Thursday, July 3, 2008

Unspoken, a Novella


I recently picked up a small book written by Francine Rivers called "Unspoken" and started reading it yesterday at the pool. It's a short novella about Bathsheba, a woman in the Bible whose life was marked by beauty, pain, death and sorrow. It's also about her relationship with King David, the second King of Israel. As I'm reading this author's take on the stories surrounding their lives, I'm reminded that my every day decisions are writing my life story too.

As a Christ follower who has read through the Bible several times, it's only once in awhile that I'm struck with the realization that the people were very human and lived lives full of difficulty, challenges and pain. Most of the stories recorded are about people who lived in the Middle East in much rougher conditions than you and I will ever know in the USA. Yet they are all listed in Hebrews 11 as champions of faith.

Life is long and I'm confronted with the truth that it's not about how well you start, but how well you finish. I want to finish well. Sometimes I choose well and other times I stumble, fumble and bumble. It's in those latter moments that I'm so thankful God is not a quitter. He doesn't give up on me. He's like the eternal coach on the side of the pool or near the race, yelling out to keep going, keep pushing. What I love is when I'm not stellar, when I'm not doing my best and He doesn't give up on me. He even jumps in the race with me and runs that last lap when I'm fighting for dear life. He loves it that I'm looking to Him and trusting Him to do a deeper work inside. He remains faithful, always calling me forward and upward. I appreciate the fact that He can do this with such authority. He's not just a coach, a good friend or a relative full of encouragement and/or correction, but He is King of nations, galaxies undiscovered, holding the world in His hands and He can call me to follow Him out of my own darkness with great strength.

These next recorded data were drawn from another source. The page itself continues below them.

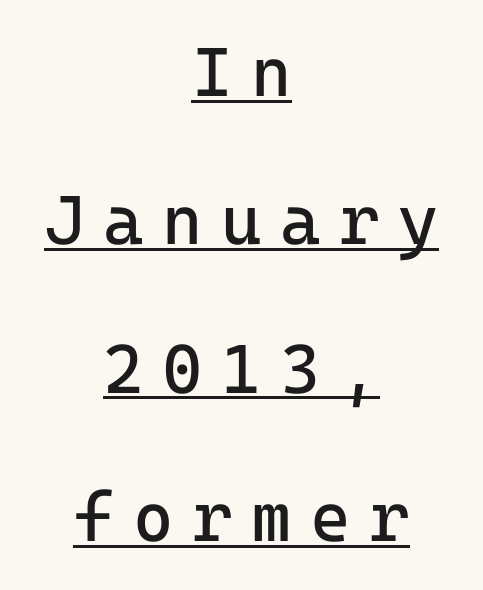
The image shows 69 px regular-weight sans-serif type, upright, monospaced; set centered, loose line spacing (2.15x), unusually wide letter spacing (+0.27 em), underlined; low stroke contrast and a medium x-height.
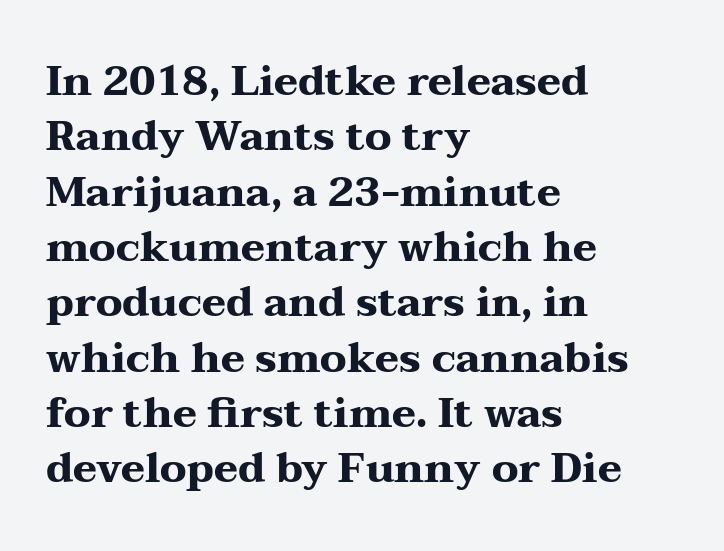
The text was rendered using a seriffed face with decorative stroke endings. Weight check: bold — yes, fully. If you measured baseline to baseline, you'd find a middling distance. The words here are not underlined.
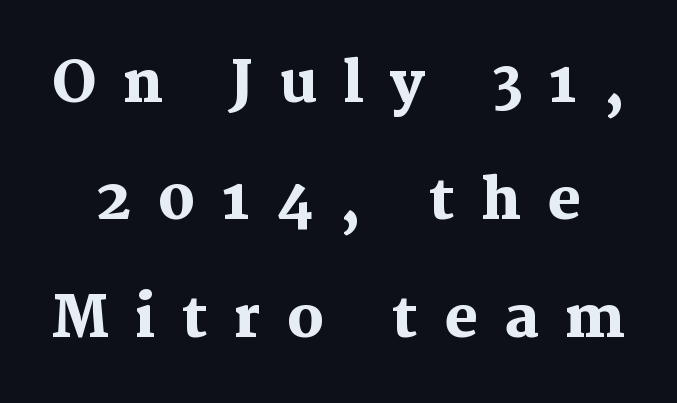
Q: Is the text bold? A: Yes.
Q: Is the text italic (slanted)? A: No, it is upright.
Q: Is the typeface a serif or a sans-serif typeface? A: Serif.
Q: Is the text underlined? A: No.
Q: Is the spacing between letters normal or unusually wide? A: Unusually wide.
Q: Is the spacing between lines tight, normal or loose? A: Loose.
Q: Width (condensed, normal, or wide)? A: Normal.
Q: Stroke contrast? A: Medium.
Q: x-height? A: Medium.
Q: Monospaced? A: No.
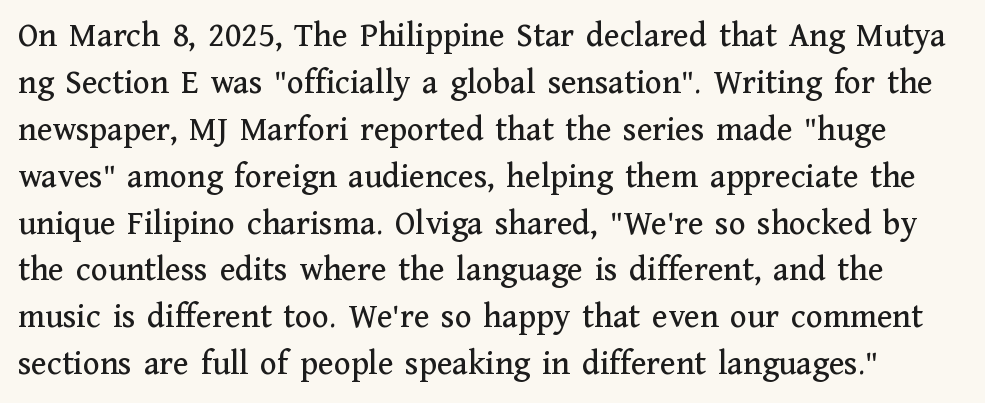
{"serif": "yes", "italic": "no", "width": "normal", "stroke_contrast": "medium", "x_height": "medium", "monospaced": "no", "underline": "no", "line_spacing": "normal", "line_spacing_ratio": 1.34, "letter_spacing": "normal", "letter_spacing_em": 0.0, "glyph_px": 35}
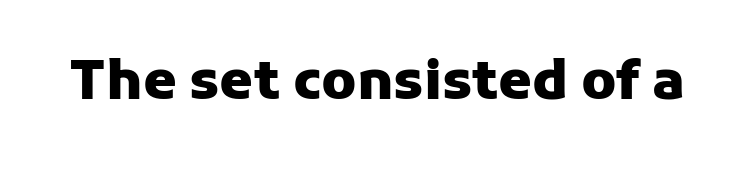
Grotesque or geometric, the face here clearly has no serifs. Observe the ordinary spacing: letters are neighbours, not strangers. Does the lettering tilt? It doesn't — this is upright. A dark, heavy texture on the line: the type is bold. Here the designer chose a conventional face with non-uniform glyph widths.
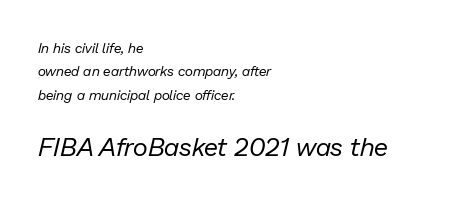
Q: Is the text bold? A: No.
Q: Is the text italic (slanted)? A: Yes, it leans right by about 13 degrees.
Q: Is the text underlined? A: No.
Q: How is the paragraph aligned? A: Left-aligned.
Q: Is the spacing between letters normal or unusually wide? A: Normal.
Q: Is the spacing between lines tight, normal or loose? A: Normal.
Q: Which block of text is set in a larger size, the first (top) or the second (bottom)? A: The second (bottom) one.

I'm about half way through the Novella and I'm surprised again that God is so long-suffering with us. He is patient, kind, yet strong and unrelenting in calling us out of the things that bring us down in our humanity. I guess I never really focused on the pain David and Bathsheba caused other people because of their decisions. I'm a romantic and I'm always looking for the love story, the glory story. And I guess I realized again while reading this little book that in this life, things aren't always romantic. We will all experience sorrow, failure, suffering, pain. We will all make bad decisions and good ones too but who is my audience? What am I living for? What motivates me to press on? My coach Jesus. I know that my life is for the audience of One and I know that I'm living for His purposes. I despise that it would be in outward gestures for He knows my heart and He goes to the secret crevices of my pain and my perspective and brings life there. I want to be genuine in this faith walk and in my humanity I was encouraged through this Novella.